**TRY IT**
Read the data below line by line and copy each one with "viewing" in it.

__________________________________________________

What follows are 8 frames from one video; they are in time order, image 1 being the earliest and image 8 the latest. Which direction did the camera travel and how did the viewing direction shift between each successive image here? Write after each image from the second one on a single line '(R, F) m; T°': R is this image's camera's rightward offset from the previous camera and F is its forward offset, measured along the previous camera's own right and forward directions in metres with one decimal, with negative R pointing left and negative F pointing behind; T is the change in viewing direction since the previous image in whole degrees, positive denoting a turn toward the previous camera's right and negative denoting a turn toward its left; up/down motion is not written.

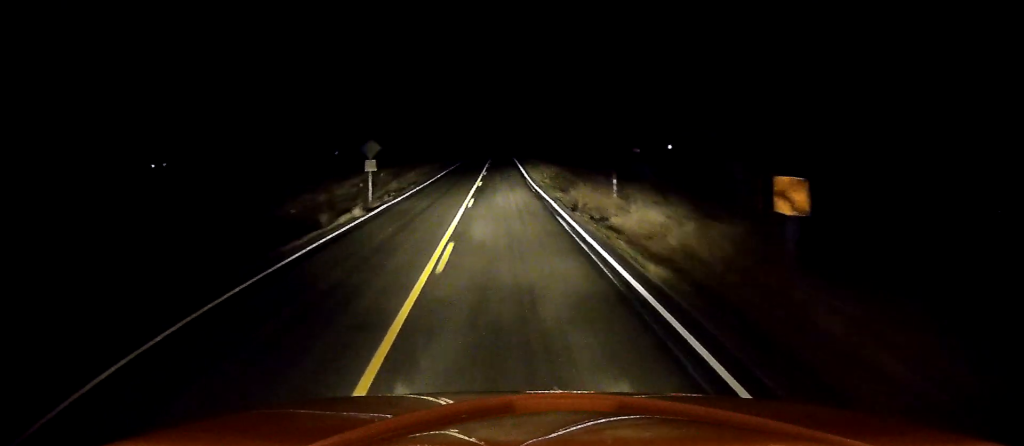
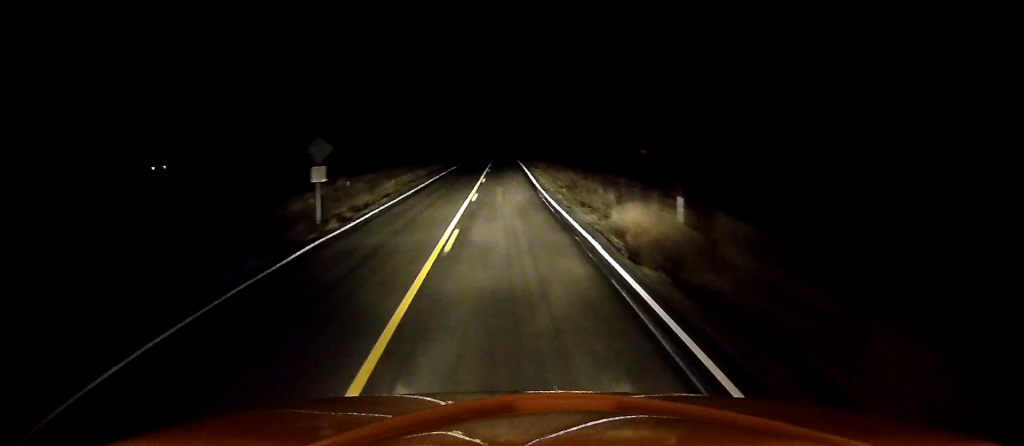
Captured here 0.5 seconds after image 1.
(-0.1, +9.9) m; 0°
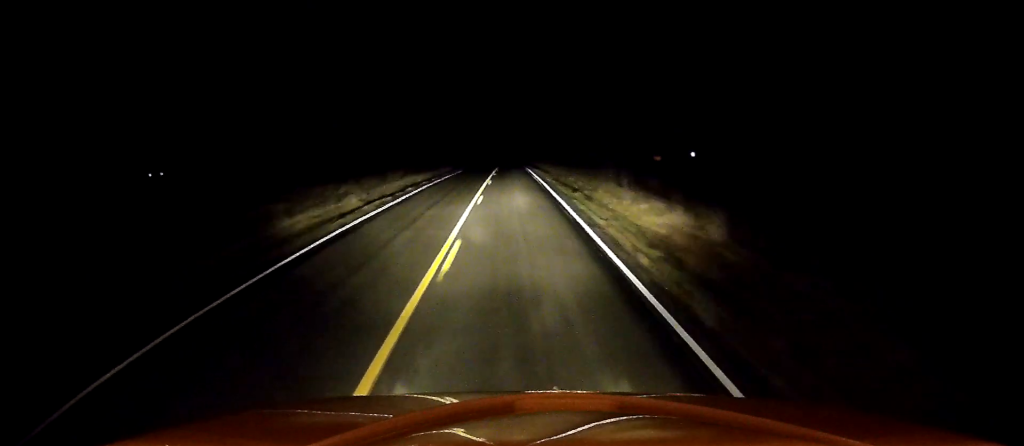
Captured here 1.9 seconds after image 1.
(+0.2, +26.0) m; 0°
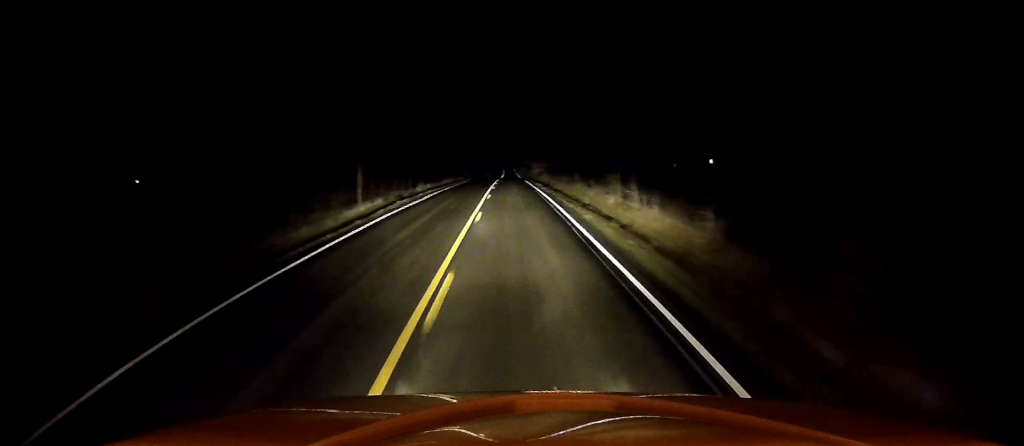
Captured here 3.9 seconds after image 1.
(0.0, +38.2) m; 0°
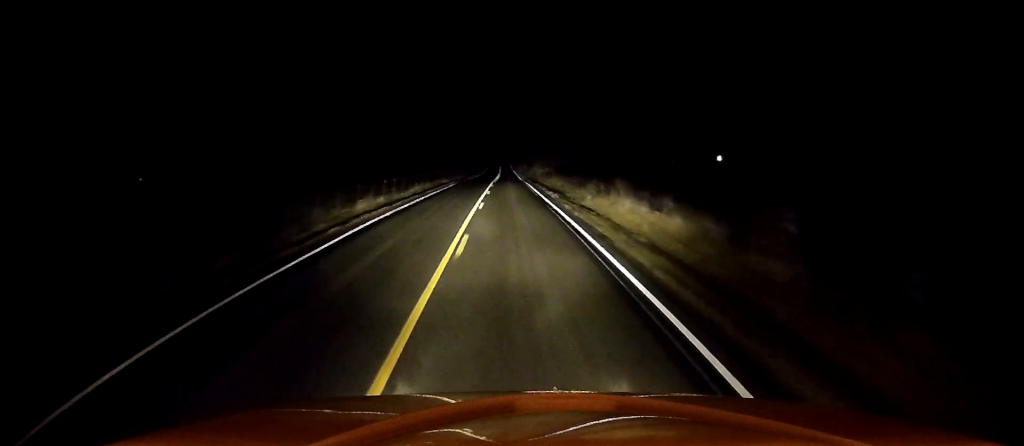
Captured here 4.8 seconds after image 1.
(-0.1, +18.7) m; +1°
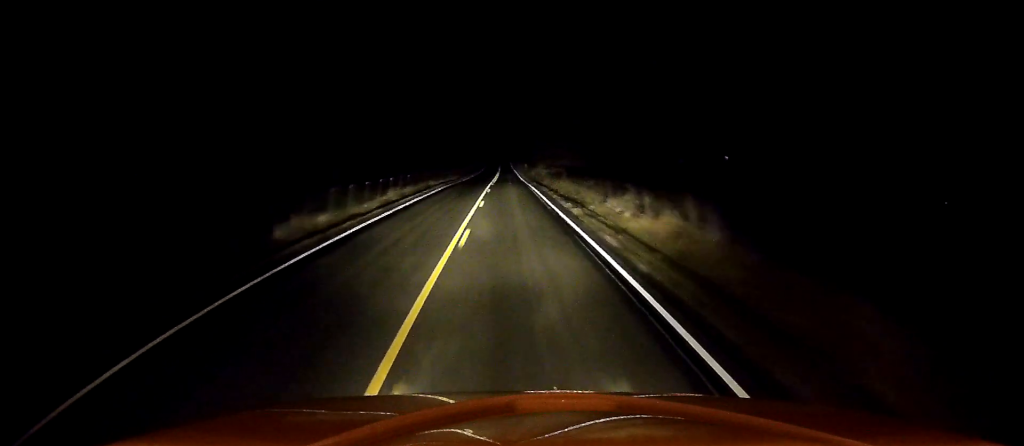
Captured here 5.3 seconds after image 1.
(+0.2, +10.8) m; +1°
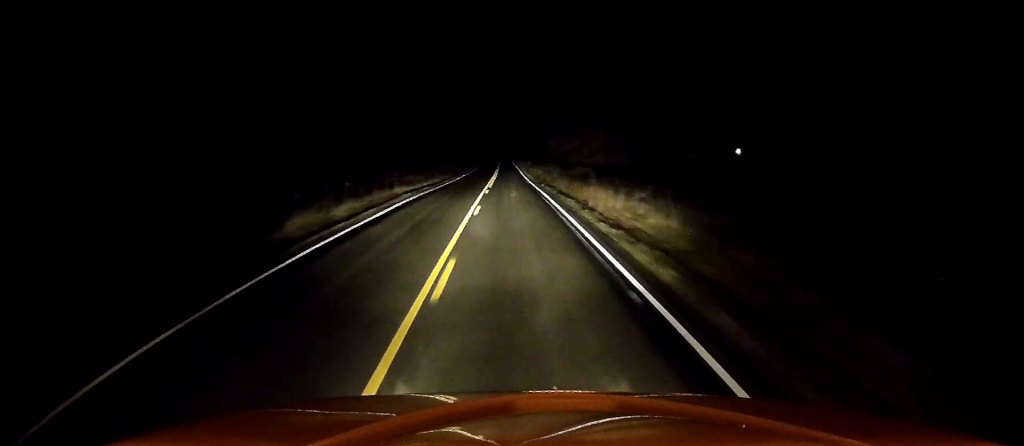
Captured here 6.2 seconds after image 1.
(0.0, +17.2) m; -2°
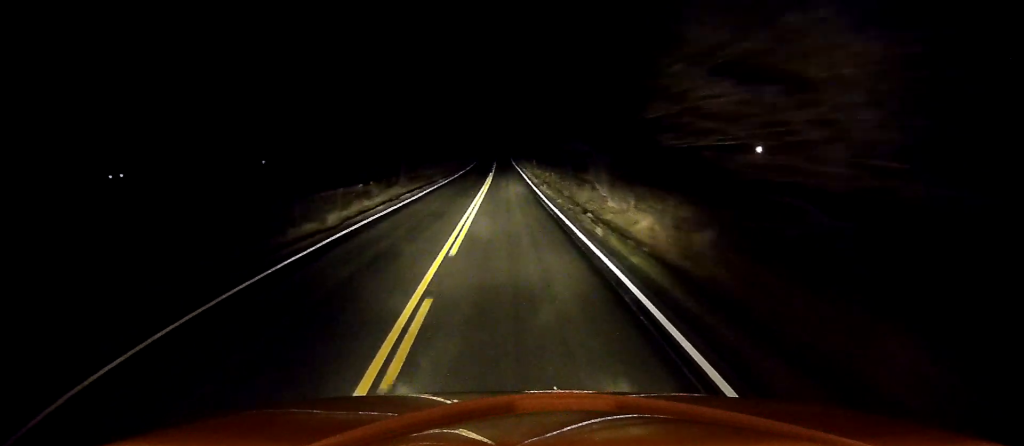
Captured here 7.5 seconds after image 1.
(-0.7, +27.3) m; 0°
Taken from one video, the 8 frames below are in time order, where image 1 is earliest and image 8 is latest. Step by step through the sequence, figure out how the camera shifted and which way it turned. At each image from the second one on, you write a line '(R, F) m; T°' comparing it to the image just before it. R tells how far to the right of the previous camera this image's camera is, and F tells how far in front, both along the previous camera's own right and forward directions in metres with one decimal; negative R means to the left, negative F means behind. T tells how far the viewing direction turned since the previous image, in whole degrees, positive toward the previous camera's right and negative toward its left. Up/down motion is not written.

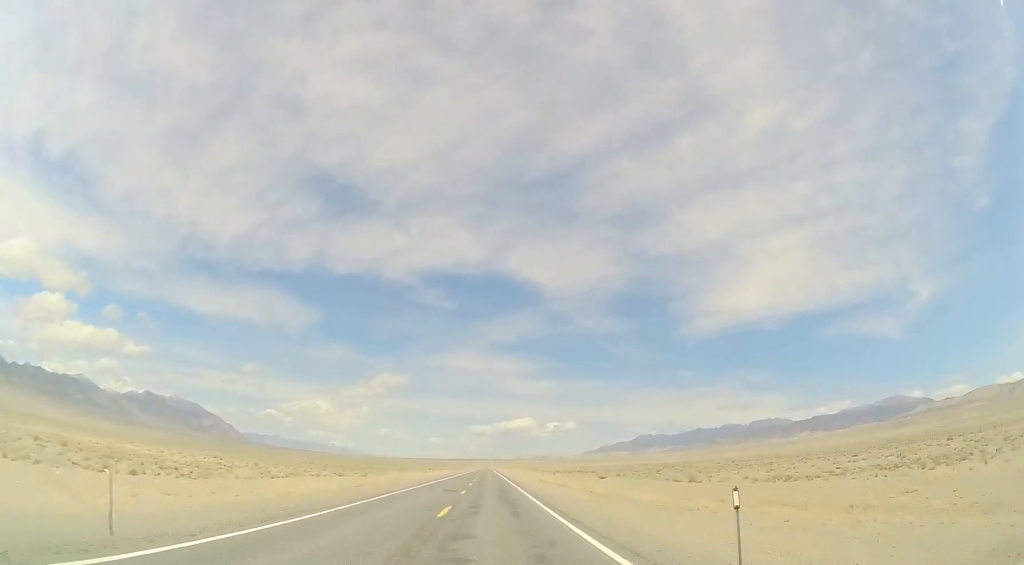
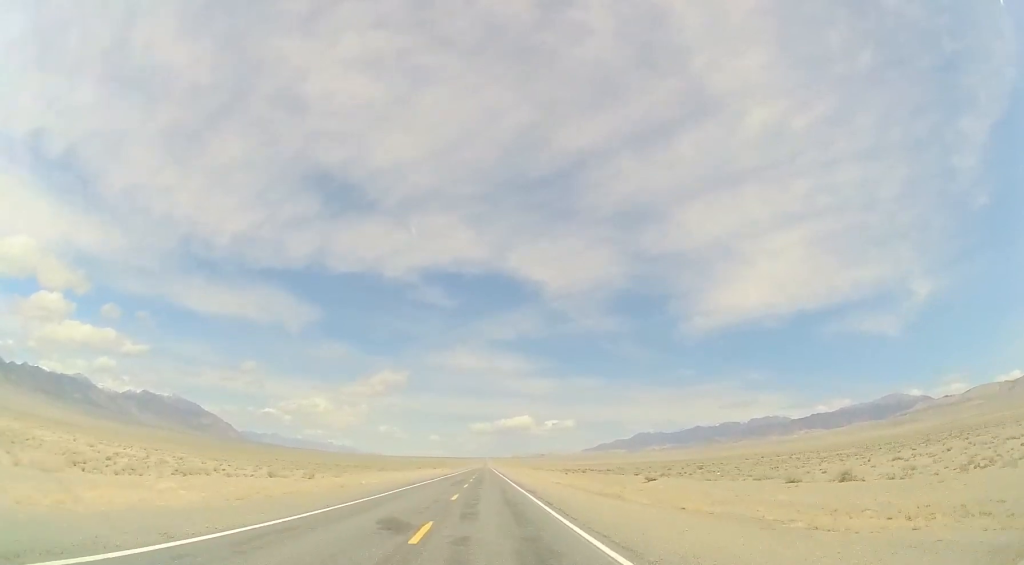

__________________________________________________

**ANSWER SPACE**
What follows are 8 frames from one video; they are in time order, image 1 being the earliest and image 8 the latest. Which direction did the camera travel and how did the viewing direction shift between each successive image here? Write after each image from the second one on a single line '(R, F) m; T°': R is this image's camera's rightward offset from the previous camera and F is its forward offset, measured along the previous camera's own right and forward directions in metres with one decimal, with negative R pointing left and negative F pointing behind; T is the change in viewing direction since the previous image in whole degrees, positive denoting a turn toward the previous camera's right and negative denoting a turn toward its left; up/down motion is not written.
Taken from one video, the 8 frames below are in time order, where image 1 is earliest and image 8 is latest. Step by step through the sequence, figure out how the camera shifted and which way it turned. At each image from the second one on, you write a line '(R, F) m; T°' comparing it to the image just before it. R tells how far to the right of the previous camera this image's camera is, and F tells how far in front, both along the previous camera's own right and forward directions in metres with one decimal; negative R means to the left, negative F means behind. T tells how far the viewing direction turned since the previous image, in whole degrees, positive toward the previous camera's right and negative toward its left. Up/down motion is not written.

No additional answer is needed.